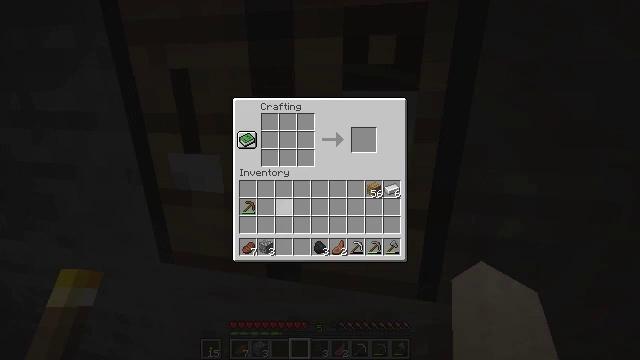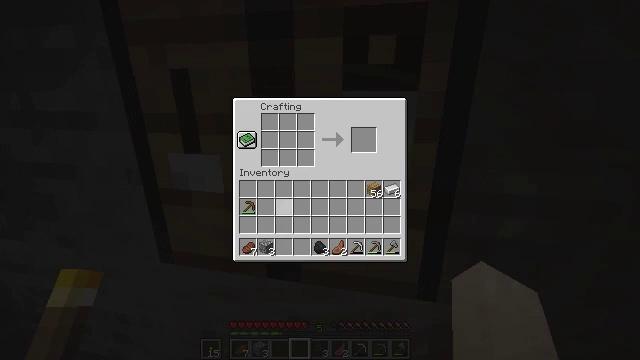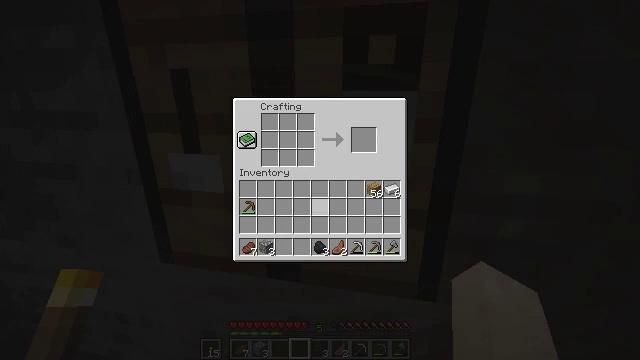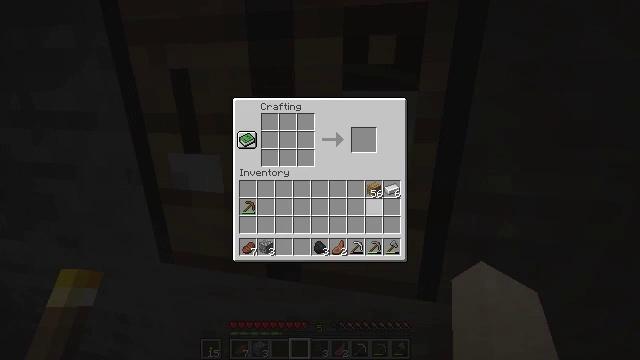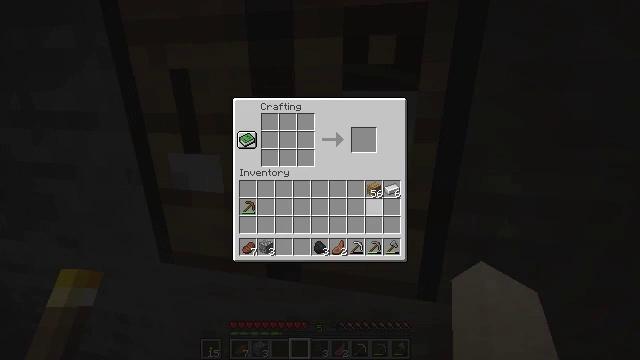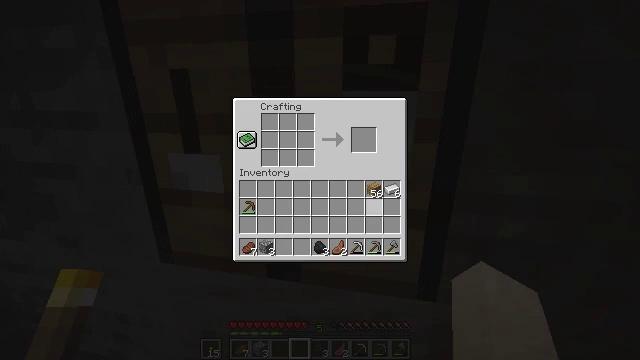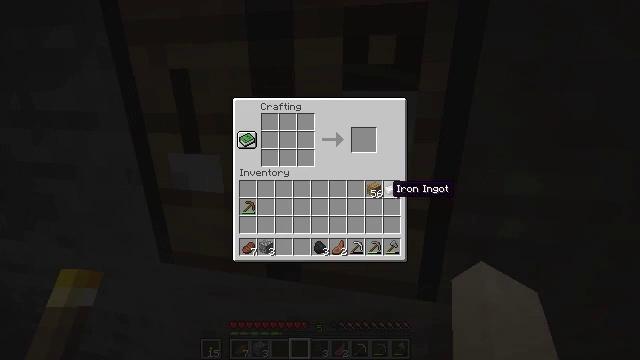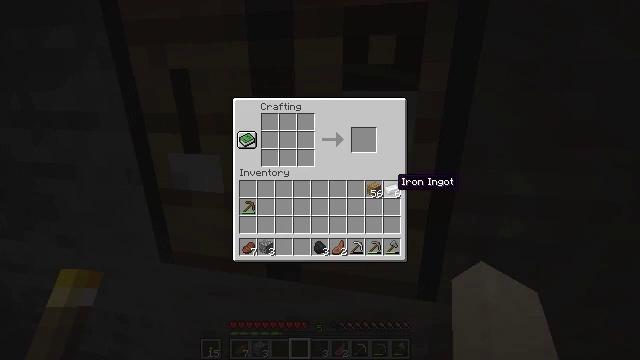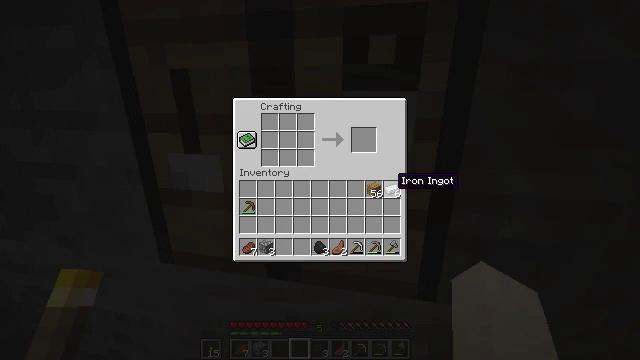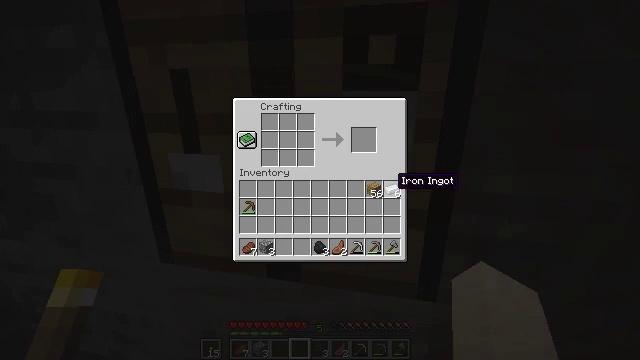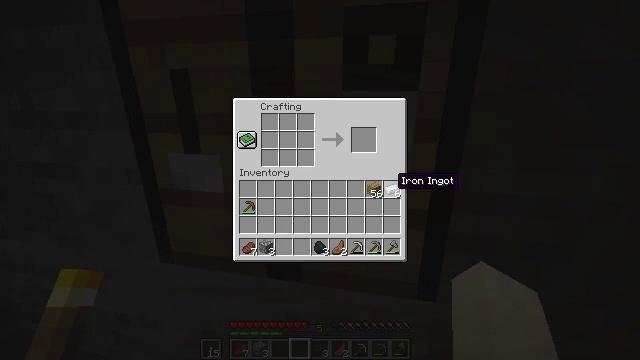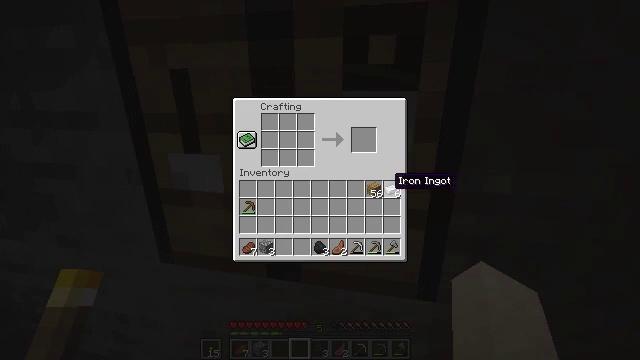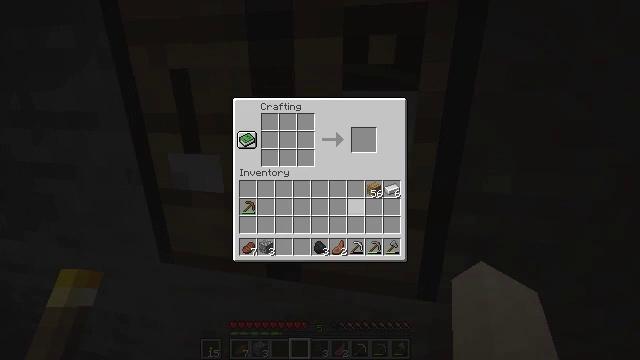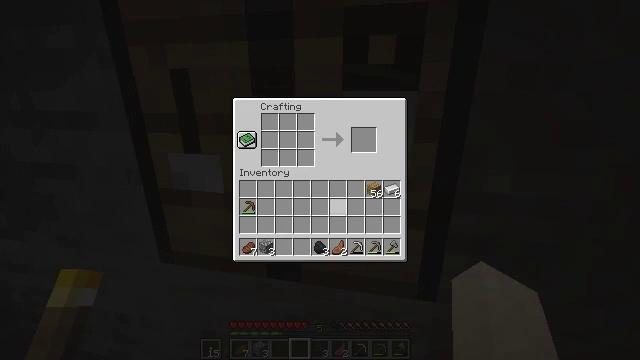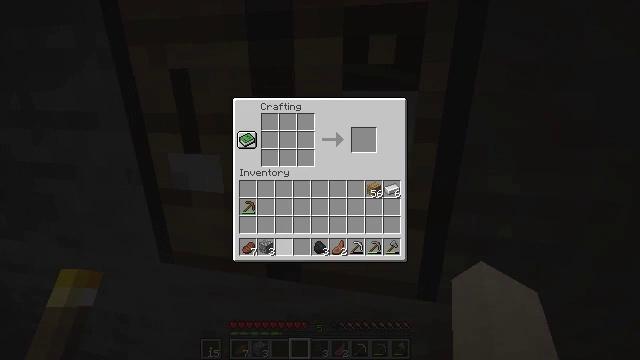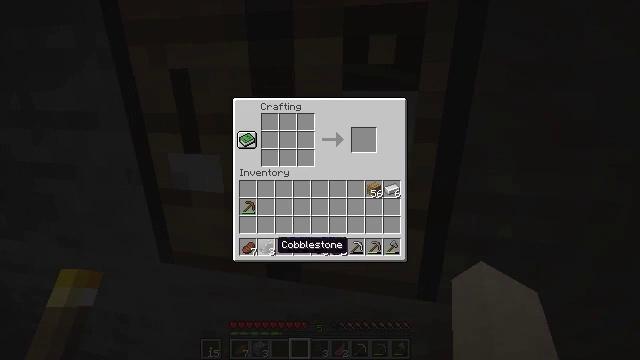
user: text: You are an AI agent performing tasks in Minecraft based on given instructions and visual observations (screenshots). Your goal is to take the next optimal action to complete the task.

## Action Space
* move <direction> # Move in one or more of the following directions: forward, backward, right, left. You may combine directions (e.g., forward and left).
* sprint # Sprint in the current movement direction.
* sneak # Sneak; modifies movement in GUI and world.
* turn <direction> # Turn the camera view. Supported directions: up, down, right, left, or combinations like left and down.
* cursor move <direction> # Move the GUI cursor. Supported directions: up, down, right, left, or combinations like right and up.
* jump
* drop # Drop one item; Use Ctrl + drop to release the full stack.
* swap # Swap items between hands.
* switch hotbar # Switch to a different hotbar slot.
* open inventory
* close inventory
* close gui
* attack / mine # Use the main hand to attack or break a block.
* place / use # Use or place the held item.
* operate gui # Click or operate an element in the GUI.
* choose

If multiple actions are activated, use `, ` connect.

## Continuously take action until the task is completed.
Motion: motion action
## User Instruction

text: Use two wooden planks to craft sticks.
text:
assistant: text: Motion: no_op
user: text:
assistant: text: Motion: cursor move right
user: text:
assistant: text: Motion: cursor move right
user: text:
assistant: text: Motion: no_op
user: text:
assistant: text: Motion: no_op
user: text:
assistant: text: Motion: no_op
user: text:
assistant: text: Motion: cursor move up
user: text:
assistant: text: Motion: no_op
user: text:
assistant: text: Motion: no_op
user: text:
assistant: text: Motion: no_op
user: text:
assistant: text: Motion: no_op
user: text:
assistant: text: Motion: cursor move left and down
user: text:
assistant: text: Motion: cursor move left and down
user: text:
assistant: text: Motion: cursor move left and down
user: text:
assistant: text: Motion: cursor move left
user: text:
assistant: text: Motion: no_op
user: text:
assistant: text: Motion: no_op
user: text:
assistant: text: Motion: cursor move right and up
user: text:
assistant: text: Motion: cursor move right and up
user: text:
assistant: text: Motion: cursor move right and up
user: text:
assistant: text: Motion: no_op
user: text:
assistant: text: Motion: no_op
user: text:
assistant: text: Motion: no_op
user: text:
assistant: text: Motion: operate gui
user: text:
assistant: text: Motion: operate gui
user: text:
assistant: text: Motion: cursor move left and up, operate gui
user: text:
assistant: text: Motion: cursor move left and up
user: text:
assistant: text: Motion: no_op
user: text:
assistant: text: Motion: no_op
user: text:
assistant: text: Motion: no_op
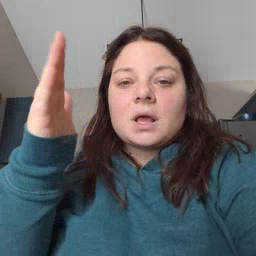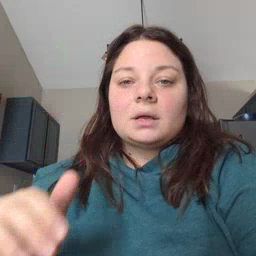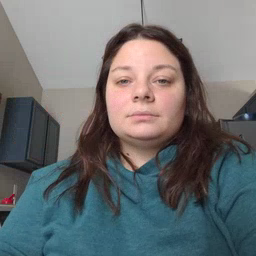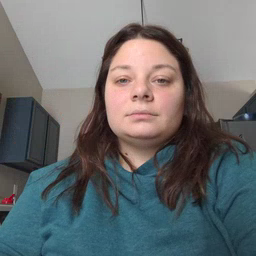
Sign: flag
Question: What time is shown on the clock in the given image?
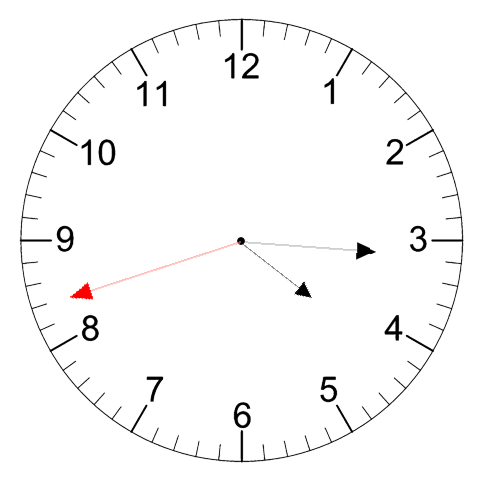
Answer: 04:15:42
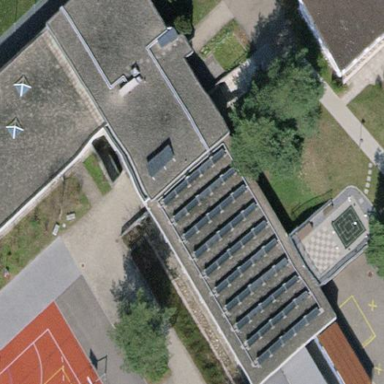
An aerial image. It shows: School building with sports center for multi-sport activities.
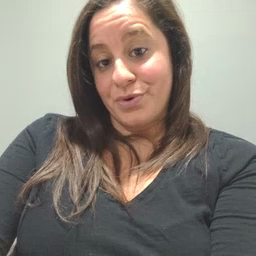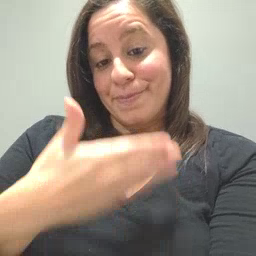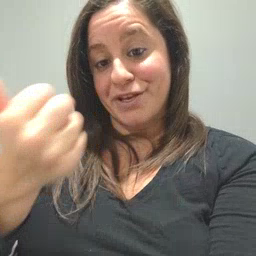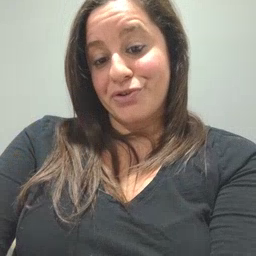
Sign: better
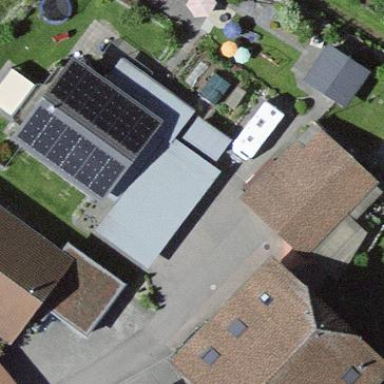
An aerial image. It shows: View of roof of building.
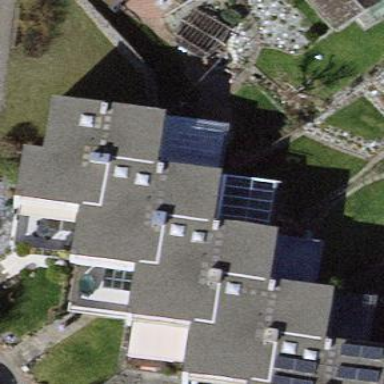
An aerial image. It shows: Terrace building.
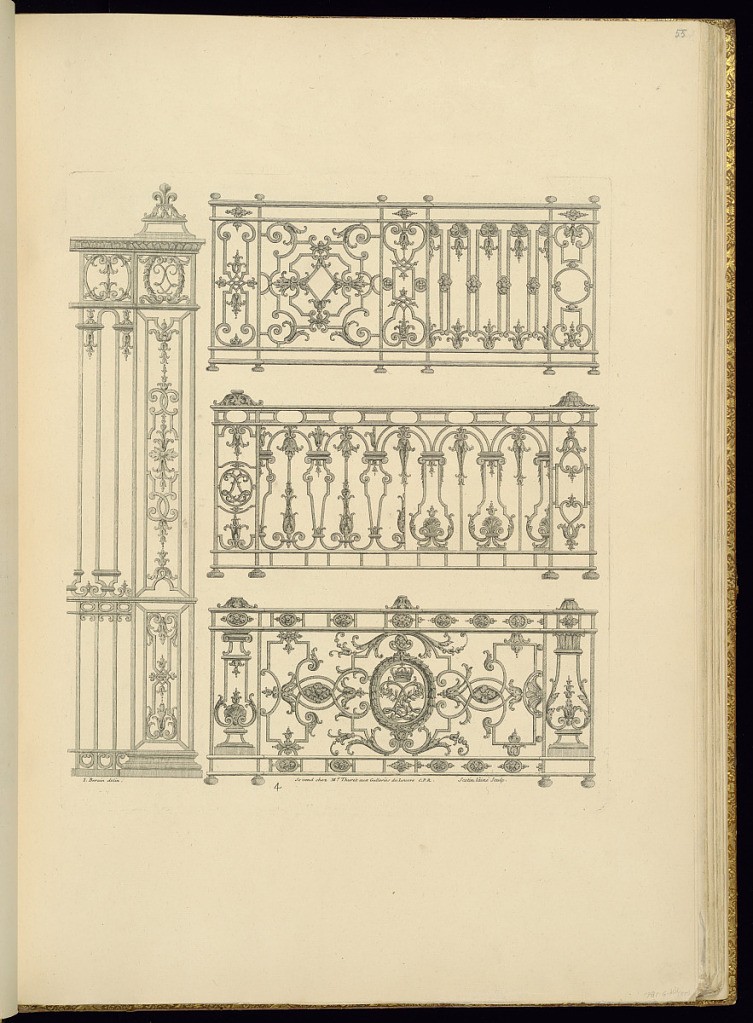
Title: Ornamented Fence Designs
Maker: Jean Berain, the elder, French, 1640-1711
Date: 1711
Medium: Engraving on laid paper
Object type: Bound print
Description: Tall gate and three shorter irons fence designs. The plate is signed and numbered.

== Work to complete ==
Your answer should copy the listing word for word, with no pictures in it.

== Expected output ==
user: text: You are an AI agent performing tasks in Minecraft based on given instructions and visual observations (screenshots). Your goal is to take the next optimal action to complete the task.

## Action Space
* move <direction> # Move in one or more of the following directions: forward, backward, right, left. You may combine directions (e.g., forward and left).
* sprint # Sprint in the current movement direction.
* sneak # Sneak; modifies movement in GUI and world.
* turn <direction> # Turn the camera view. Supported directions: up, down, right, left, or combinations like left and down.
* cursor move <direction> # Move the GUI cursor. Supported directions: up, down, right, left, or combinations like right and up.
* jump
* drop # Drop one item; Use Ctrl + drop to release the full stack.
* swap # Swap items between hands.
* switch hotbar # Switch to a different hotbar slot.
* open inventory
* close inventory
* close gui
* attack / mine # Use the main hand to attack or break a block.
* place / use # Use or place the held item.
* operate gui # Click or operate an element in the GUI.
* choose

If multiple actions are activated, use `, ` connect.

## Continuously take action until the task is completed.
Motion: motion action
## User Instruction

text: Use two wooden planks to craft sticks.
text:
assistant: text: Motion: no_op
user: text:
assistant: text: Motion: cursor move right
user: text:
assistant: text: Motion: cursor move right
user: text:
assistant: text: Motion: no_op
user: text:
assistant: text: Motion: no_op
user: text:
assistant: text: Motion: no_op
user: text:
assistant: text: Motion: cursor move up
user: text:
assistant: text: Motion: no_op
user: text:
assistant: text: Motion: no_op
user: text:
assistant: text: Motion: no_op
user: text:
assistant: text: Motion: no_op
user: text:
assistant: text: Motion: cursor move left and down
user: text:
assistant: text: Motion: cursor move left and down
user: text:
assistant: text: Motion: cursor move left and down
user: text:
assistant: text: Motion: cursor move left
user: text:
assistant: text: Motion: no_op
user: text:
assistant: text: Motion: no_op
user: text:
assistant: text: Motion: cursor move right and up
user: text:
assistant: text: Motion: cursor move right and up
user: text:
assistant: text: Motion: cursor move right and up
user: text:
assistant: text: Motion: no_op
user: text:
assistant: text: Motion: no_op
user: text:
assistant: text: Motion: no_op
user: text:
assistant: text: Motion: operate gui
user: text:
assistant: text: Motion: operate gui
user: text:
assistant: text: Motion: cursor move left and up, operate gui
user: text:
assistant: text: Motion: cursor move left and up
user: text:
assistant: text: Motion: no_op
user: text:
assistant: text: Motion: no_op
user: text:
assistant: text: Motion: no_op
Sign: flag
Question: What time is shown on the clock in the given image?
Answer: 04:15:42
An aerial image. It shows: School building with sports center for multi-sport activities.
Sign: better
An aerial image. It shows: View of roof of building.
An aerial image. It shows: Terrace building.
Title: Ornamented Fence Designs
Maker: Jean Berain, the elder, French, 1640-1711
Date: 1711
Medium: Engraving on laid paper
Object type: Bound print
Description: Tall gate and three shorter irons fence designs. The plate is signed and numbered.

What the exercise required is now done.